As I am closing in on my big day to move to the new city to start my dream job, I cannot help but wonder if a last conversation with you would make a difference?
All signs point to no, but my heart cannot stop thinking about you as I stare at my phone, hoping your name will pop up.
Would it be too bad to call you?
Honestly, the problem isn’t even you but the fact that I have been romanticizing our dysfunctional relationship for so long. It was never healthy because we did everything in our power to make each other feel like shit.
We zoned in on each other’s insecurities and attacked one another every time we got mad. We apologized, but only to come back and hurt each other more. We never set nor respected each other’s boundaries.
We never cared about the other one’s heart.
We were the couple that inspired people to write our stories and dramatize every part of it because everything about us was so volatile.
We truly loved each other, but we never learned how to treat each other right because we got so used to just being the way we were.
Our love was filled with intensity, but it was fragile, and the passion we shared became more about attacking and displaying more of our insecurities and our past, rather than nurturing our love for the future.
It was only a matter of time till our toxic egos destroyed both of us. We became more vindictive than forgiving. We wanted to keep loving each other but we were unable to stop resenting each other for how much we had hurt one another in the past.
We could never forgive.
You exhausted me and my heart, doubting my every move and intention. I was claustrophobic in my own life with you. We did our best to torture each other as if it were a competition where we desperately wanted to win, when in reality, we were both losing.
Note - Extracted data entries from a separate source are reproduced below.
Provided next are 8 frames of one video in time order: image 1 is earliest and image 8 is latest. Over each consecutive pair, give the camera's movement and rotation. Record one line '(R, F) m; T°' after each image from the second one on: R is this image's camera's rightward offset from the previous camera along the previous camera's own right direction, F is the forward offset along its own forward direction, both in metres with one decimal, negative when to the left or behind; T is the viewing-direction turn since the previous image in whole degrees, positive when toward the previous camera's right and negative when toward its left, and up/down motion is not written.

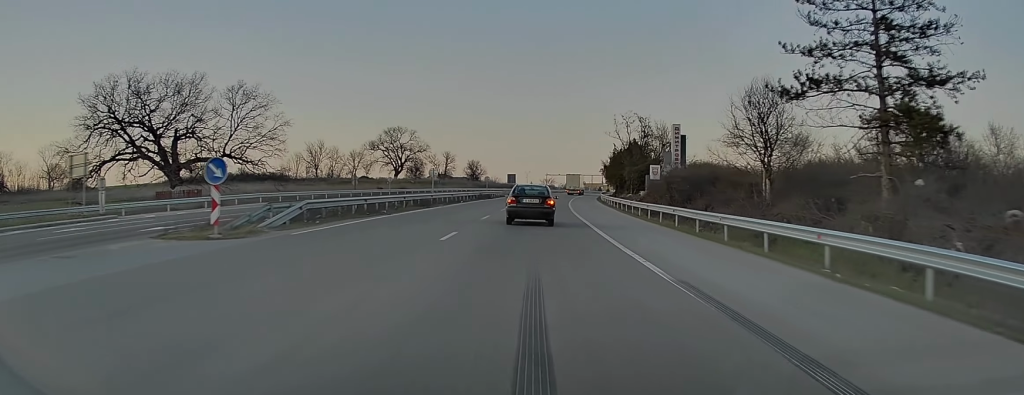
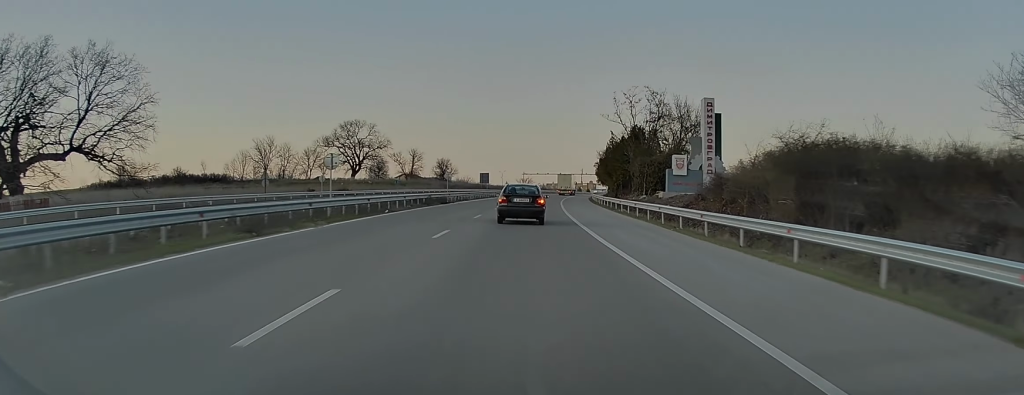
(+0.2, +23.0) m; +1°
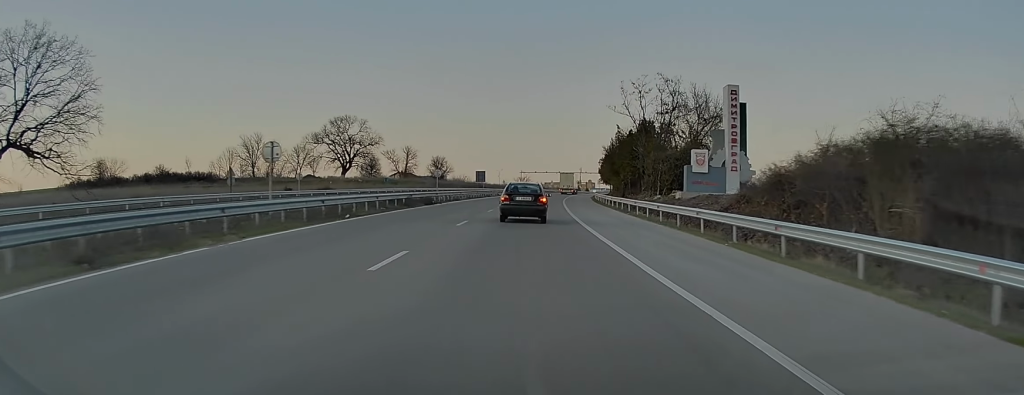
(0.0, +7.1) m; +1°
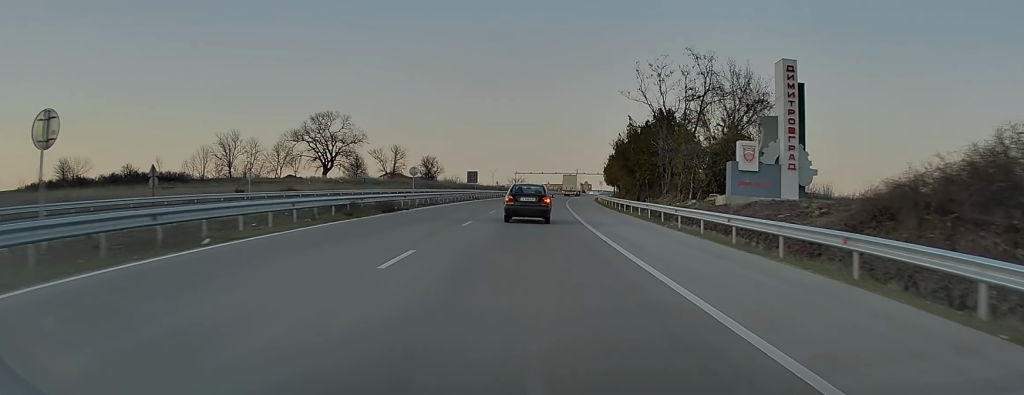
(+0.1, +11.6) m; +1°
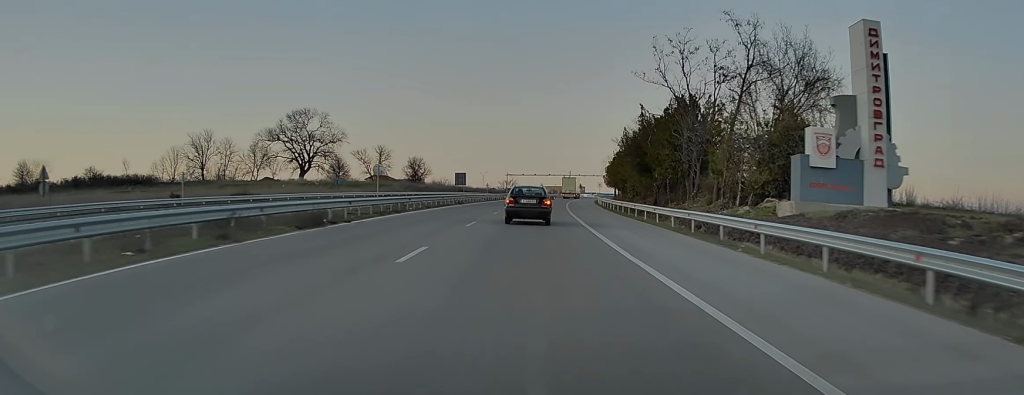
(+0.1, +10.6) m; +1°
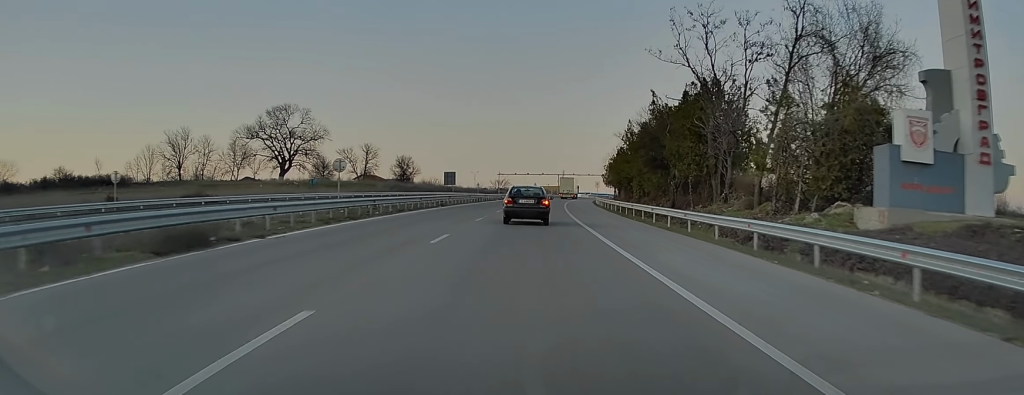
(+0.1, +7.6) m; 0°
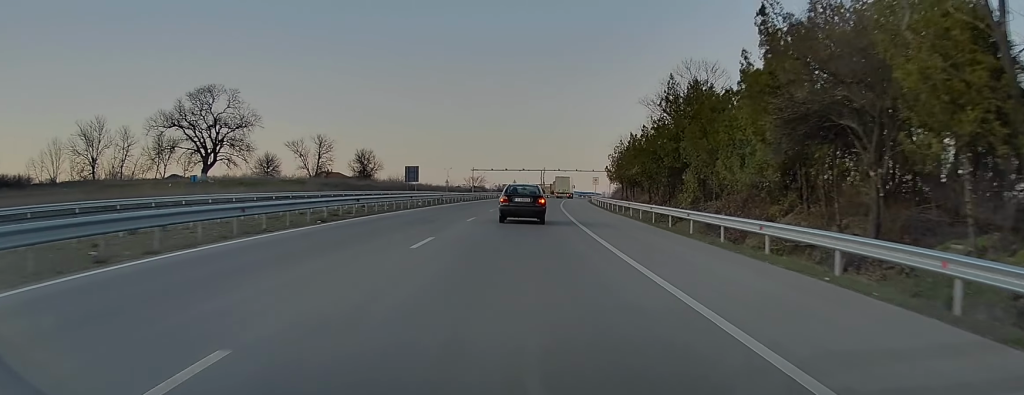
(+0.1, +25.4) m; +1°
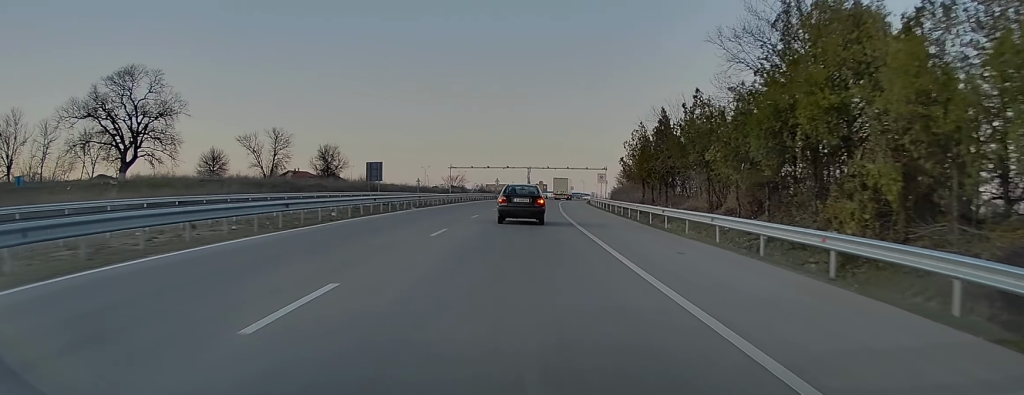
(+0.3, +20.4) m; +2°

We talked about our depression and sadness in our overly self-involved lives because we never considered others and forgot to see the blessings in our privileged lives. We focused so much on each other that we forgot what was really important in life.
We were addicted to the misery that our togetherness brought us. Others would call it unnecessarily dramatic, and we called it passionate, and we were delusional.
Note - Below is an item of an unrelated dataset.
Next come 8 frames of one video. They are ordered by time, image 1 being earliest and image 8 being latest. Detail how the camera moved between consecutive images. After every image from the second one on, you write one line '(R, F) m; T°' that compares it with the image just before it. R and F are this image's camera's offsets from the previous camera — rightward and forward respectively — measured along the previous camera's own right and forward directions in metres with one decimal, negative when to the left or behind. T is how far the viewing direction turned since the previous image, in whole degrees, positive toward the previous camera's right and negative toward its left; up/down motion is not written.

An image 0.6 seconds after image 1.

I look back and see that it was always about us because we were selfish. We thought we did so much for one another when everything was only about us.
I always loved you, but I started to loathe your presence because I had fallen in love with the fictional version of you in my head and not the insensitive, cheating person you actually were.
Could I have tried to be more vulnerable? Remember when you told me about all the women whose hearts you had managed to break while shamelessly using their bodies for disgusting stories to tell your friends?
You told me I was more special, but I never believed you.
We had so many chances to walk away but we kept coming back to each other because no same person can handle this level of a dysfunctional relationship that isn’t good for anyone.
We kept coming back to each other because we never knew what a healthy relationship was or we enjoyed the chaos that brewed between you and me. We enjoyed the unnecessary madness. We thought we could never find someone better, and we were wrong.
We were so bad for each other because we were the worst versions of ourselves possible when we got together. We inflicted pain and sadness upon each other as if that’s how we were meant to be. We were the worst together.
We only came together to see how much of each other we could destroy. We are the story people might enjoy reading about but never want to witness in real life.
It took me years, but I finally understand that we were never meant to be.